On Thu, 13 Sep 2007, Laimonas Simutis wrote:
Hey guys, maybe anyone using tsearch2 could advise on this. With the default installation, url, host and some other tokens are processed with the simple dictionary. Thus term like mywebsite.com gets stored as 'mywebsite.com'. The parser correctly assigns token id of type host to the term, but then the dictionary the terms gets routed through is simple and what gets stored is mywebsite.com The questions are: 1) is there a dictionary available that I could utilize that will remove .com, .net, .org, etc?
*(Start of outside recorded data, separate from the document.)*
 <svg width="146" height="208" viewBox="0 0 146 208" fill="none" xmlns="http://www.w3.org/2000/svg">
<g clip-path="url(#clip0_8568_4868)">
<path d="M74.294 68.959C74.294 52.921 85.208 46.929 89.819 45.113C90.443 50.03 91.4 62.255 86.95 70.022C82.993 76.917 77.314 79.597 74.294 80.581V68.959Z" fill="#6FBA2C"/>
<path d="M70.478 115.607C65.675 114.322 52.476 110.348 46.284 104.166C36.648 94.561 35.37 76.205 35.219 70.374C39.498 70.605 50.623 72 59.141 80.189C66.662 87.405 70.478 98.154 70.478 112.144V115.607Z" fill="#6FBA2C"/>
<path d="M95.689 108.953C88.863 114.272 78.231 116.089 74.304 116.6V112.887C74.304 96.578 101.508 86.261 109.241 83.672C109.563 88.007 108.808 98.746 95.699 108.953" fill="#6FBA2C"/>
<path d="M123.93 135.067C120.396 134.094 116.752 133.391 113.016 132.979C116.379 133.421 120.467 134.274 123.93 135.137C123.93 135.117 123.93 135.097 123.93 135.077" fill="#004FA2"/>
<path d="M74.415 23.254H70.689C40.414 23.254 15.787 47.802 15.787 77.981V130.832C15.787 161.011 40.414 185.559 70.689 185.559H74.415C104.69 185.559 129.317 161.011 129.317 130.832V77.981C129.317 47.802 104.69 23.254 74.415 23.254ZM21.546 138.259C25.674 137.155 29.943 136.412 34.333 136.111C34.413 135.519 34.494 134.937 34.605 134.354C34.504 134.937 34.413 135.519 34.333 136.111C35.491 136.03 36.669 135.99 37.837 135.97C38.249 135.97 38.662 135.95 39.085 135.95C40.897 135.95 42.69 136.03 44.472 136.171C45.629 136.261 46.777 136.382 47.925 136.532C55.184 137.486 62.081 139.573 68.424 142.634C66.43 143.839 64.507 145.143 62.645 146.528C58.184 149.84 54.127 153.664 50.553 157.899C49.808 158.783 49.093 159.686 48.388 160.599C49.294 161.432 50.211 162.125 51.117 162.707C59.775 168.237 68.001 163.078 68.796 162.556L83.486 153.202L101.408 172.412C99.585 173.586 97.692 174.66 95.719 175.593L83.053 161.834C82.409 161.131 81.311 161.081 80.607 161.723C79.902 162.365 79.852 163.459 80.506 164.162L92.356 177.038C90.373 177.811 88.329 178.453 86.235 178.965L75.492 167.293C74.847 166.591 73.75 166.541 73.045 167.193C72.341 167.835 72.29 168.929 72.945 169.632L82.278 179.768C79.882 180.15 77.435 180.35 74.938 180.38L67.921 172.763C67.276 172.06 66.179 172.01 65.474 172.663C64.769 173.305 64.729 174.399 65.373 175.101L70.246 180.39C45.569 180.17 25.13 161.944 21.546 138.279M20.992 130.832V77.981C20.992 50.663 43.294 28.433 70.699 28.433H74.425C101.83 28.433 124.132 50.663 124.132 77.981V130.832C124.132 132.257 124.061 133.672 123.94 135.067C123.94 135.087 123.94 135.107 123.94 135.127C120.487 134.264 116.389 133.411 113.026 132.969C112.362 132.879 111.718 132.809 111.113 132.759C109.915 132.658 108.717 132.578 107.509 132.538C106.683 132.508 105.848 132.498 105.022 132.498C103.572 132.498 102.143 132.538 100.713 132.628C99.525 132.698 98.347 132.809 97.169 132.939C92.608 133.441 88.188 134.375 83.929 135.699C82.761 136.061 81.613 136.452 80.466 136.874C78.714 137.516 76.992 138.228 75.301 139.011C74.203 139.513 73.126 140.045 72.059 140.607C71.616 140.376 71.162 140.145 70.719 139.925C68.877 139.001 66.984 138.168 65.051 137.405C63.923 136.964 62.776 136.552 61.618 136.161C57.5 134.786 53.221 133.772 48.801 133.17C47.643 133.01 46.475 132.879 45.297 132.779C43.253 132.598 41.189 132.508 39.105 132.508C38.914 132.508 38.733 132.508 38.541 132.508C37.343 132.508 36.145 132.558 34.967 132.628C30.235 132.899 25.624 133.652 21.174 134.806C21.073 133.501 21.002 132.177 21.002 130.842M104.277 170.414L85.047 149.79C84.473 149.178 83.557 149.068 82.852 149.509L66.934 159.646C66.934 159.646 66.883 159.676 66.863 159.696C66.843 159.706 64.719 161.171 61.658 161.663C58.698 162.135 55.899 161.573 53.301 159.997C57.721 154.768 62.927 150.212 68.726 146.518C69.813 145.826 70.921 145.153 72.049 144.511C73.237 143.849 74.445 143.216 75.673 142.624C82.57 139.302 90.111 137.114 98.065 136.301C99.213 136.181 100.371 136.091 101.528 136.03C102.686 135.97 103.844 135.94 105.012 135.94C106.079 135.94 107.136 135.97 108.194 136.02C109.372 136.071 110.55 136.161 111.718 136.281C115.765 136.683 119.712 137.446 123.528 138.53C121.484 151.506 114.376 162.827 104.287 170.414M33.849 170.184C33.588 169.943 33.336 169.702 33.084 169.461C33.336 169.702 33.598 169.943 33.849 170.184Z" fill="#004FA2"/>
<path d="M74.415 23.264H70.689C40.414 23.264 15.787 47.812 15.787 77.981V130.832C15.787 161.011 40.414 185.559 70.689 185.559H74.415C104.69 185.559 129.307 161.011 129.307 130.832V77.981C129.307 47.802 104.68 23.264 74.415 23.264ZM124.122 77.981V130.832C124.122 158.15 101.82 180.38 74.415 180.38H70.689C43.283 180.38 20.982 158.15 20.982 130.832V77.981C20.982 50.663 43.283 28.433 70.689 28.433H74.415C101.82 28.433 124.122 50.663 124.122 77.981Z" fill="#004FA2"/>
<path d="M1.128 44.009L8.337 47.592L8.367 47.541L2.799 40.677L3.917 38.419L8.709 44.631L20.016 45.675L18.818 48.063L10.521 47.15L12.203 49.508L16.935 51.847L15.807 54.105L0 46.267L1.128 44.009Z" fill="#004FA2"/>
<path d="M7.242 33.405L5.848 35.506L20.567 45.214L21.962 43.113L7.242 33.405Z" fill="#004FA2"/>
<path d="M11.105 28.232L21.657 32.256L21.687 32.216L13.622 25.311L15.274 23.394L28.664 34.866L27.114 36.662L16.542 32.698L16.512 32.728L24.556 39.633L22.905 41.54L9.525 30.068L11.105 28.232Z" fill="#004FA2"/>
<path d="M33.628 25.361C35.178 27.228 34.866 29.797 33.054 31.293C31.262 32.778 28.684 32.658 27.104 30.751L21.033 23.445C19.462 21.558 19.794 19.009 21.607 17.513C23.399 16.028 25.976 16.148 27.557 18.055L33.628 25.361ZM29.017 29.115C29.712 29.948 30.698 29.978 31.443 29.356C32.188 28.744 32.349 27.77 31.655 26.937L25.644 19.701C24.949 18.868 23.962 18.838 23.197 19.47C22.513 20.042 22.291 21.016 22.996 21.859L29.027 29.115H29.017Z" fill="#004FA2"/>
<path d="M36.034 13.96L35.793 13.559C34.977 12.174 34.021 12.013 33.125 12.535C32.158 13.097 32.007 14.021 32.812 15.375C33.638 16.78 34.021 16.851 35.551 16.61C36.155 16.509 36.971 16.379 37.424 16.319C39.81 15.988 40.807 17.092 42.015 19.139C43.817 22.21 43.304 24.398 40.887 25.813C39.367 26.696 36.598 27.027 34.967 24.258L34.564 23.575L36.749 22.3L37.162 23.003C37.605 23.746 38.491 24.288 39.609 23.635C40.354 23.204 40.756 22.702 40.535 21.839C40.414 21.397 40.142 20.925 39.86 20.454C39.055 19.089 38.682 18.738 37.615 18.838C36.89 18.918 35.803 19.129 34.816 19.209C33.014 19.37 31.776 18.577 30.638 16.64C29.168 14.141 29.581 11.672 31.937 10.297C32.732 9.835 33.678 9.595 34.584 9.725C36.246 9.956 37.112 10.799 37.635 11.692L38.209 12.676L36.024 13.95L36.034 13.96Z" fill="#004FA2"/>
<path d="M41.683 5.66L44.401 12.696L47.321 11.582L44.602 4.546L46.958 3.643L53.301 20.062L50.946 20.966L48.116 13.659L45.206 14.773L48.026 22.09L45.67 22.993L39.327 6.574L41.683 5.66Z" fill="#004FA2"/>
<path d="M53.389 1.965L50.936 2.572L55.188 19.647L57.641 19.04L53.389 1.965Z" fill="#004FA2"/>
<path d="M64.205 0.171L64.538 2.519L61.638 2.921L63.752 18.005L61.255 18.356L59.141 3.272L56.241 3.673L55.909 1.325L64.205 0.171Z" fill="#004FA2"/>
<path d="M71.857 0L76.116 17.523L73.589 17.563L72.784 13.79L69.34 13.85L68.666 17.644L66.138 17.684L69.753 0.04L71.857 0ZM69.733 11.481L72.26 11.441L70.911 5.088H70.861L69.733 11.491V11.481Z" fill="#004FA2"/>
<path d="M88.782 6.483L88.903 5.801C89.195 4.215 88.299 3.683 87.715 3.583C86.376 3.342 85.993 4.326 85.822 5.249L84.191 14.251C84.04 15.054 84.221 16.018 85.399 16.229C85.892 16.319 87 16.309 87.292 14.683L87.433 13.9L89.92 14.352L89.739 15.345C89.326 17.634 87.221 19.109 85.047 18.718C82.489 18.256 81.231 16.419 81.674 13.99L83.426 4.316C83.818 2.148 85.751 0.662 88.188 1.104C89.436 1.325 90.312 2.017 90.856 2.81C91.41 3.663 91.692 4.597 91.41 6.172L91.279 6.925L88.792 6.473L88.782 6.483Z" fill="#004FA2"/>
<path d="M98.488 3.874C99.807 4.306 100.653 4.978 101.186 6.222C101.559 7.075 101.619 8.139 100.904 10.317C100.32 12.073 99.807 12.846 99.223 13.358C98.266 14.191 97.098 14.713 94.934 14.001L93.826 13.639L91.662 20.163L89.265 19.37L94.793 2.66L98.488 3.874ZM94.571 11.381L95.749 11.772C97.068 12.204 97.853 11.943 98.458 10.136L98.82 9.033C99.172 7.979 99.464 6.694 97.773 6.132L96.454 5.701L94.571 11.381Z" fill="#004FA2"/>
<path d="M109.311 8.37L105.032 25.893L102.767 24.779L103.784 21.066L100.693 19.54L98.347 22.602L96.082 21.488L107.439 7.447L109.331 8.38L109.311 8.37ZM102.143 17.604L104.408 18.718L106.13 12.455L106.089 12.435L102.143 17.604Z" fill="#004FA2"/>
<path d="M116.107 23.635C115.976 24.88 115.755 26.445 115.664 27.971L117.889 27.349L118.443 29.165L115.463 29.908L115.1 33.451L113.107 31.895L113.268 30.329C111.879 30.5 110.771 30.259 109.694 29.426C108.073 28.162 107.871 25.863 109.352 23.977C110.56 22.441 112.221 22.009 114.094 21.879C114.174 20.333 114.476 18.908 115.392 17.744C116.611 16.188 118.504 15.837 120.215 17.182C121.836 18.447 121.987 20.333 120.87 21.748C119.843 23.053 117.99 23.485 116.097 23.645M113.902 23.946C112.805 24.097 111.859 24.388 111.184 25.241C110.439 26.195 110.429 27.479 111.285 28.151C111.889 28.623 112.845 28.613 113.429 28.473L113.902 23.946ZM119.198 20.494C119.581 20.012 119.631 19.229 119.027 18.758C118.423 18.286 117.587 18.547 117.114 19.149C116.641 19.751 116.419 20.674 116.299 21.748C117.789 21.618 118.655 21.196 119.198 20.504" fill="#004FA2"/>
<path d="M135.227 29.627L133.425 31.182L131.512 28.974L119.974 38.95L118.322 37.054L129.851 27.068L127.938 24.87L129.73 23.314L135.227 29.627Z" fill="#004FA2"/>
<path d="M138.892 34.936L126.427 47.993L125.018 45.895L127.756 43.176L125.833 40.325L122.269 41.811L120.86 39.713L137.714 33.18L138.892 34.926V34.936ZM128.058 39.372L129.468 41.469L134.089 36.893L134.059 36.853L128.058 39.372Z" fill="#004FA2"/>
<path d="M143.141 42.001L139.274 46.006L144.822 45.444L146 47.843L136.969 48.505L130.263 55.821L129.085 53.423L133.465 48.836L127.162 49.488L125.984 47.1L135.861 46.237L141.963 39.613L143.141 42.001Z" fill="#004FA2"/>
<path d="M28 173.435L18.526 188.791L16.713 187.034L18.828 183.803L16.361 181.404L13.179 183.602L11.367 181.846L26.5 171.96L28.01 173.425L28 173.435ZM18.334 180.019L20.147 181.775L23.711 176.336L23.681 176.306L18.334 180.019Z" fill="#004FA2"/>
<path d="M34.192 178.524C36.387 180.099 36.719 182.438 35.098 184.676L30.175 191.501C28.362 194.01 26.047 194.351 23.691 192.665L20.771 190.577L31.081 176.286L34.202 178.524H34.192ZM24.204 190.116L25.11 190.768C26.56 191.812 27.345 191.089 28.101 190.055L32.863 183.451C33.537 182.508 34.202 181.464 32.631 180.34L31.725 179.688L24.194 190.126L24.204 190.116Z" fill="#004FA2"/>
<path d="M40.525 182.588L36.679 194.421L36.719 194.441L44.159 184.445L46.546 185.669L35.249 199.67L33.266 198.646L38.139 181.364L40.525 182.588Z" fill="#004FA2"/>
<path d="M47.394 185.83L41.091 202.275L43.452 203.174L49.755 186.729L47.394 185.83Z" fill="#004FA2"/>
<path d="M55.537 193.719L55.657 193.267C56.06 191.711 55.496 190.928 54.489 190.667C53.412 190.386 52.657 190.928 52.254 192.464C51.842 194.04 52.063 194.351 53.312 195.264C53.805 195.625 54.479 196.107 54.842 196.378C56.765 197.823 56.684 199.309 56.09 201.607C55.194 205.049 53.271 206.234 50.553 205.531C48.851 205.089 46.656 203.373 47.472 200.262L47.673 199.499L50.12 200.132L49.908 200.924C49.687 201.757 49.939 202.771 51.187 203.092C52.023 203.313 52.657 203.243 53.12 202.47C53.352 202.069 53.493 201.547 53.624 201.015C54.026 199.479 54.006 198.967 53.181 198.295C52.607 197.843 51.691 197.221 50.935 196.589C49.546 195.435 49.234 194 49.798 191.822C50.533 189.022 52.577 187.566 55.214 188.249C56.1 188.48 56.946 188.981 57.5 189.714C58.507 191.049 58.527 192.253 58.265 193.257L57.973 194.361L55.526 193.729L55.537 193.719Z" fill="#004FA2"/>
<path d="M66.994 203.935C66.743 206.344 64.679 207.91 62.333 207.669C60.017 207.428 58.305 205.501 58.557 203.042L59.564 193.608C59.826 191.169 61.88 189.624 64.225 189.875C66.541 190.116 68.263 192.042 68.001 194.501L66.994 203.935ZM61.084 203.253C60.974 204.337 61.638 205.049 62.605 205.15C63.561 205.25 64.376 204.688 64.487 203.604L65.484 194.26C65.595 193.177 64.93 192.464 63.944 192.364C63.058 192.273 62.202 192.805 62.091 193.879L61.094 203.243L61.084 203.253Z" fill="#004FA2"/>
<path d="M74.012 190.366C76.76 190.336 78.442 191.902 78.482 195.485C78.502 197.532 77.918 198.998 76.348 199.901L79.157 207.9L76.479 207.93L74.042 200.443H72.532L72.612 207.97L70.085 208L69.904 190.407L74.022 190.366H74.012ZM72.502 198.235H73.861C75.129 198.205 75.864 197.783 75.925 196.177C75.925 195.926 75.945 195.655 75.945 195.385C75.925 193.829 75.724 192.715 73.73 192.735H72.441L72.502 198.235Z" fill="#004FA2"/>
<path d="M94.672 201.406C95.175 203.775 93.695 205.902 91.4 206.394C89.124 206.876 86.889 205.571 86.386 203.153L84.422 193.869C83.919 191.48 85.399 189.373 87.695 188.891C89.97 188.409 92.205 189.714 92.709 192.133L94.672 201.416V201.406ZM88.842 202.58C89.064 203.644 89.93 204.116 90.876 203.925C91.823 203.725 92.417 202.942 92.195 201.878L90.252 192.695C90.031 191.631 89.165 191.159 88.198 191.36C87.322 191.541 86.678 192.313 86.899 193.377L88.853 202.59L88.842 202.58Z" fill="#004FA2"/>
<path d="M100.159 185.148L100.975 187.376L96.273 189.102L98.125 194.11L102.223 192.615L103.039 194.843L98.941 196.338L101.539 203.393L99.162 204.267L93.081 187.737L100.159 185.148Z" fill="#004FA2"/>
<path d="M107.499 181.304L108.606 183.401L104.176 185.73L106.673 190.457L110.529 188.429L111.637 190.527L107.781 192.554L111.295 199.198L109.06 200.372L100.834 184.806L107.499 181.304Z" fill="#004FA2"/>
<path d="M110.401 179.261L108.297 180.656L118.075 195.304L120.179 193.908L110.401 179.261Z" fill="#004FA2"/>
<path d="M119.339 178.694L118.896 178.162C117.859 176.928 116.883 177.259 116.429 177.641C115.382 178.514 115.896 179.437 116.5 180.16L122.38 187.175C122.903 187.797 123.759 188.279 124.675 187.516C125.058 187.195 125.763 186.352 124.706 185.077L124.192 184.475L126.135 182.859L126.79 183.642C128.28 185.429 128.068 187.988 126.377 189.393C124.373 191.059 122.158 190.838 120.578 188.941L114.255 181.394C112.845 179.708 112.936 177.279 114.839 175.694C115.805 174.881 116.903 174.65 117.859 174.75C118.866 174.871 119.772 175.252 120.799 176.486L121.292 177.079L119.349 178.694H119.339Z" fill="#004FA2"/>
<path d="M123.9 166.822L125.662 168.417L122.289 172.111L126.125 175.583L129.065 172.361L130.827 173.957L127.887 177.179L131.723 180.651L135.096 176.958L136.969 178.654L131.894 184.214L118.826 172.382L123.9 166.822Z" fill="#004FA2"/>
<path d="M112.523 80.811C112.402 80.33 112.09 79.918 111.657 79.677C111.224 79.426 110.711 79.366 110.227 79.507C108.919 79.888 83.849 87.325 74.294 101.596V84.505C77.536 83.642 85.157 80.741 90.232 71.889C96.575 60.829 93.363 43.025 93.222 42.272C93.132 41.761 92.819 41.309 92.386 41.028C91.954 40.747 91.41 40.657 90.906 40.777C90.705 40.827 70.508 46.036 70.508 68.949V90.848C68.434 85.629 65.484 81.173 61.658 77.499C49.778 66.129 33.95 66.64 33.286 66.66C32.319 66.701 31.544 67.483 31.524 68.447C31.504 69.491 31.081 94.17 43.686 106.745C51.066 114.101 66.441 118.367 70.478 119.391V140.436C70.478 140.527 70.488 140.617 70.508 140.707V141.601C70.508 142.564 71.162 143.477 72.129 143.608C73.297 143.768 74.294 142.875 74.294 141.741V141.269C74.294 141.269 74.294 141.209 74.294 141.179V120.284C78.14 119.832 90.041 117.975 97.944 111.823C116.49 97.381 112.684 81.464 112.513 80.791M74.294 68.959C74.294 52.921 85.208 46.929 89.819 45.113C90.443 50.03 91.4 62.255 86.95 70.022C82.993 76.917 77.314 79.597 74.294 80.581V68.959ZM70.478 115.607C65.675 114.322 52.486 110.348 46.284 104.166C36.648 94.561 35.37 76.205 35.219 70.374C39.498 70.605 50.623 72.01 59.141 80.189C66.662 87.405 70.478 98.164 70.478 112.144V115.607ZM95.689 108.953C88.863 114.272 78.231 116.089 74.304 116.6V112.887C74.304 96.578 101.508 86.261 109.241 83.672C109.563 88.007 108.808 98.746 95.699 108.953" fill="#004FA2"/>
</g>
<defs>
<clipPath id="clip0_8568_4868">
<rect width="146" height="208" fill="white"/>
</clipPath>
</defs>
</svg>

I could write one myself, but after seeing some sample dictionary implementations and C code I try to avoid, I got scared a bit.
Yes, we have dict_regex, which was developed by Sergey Karpov, see details http://lynx.sao.ru/~karpov/software/postgres_dict_regex.html It uses pcre library and you need to know perl regexps.
2) has anyone else dealt with this maybe in a different way?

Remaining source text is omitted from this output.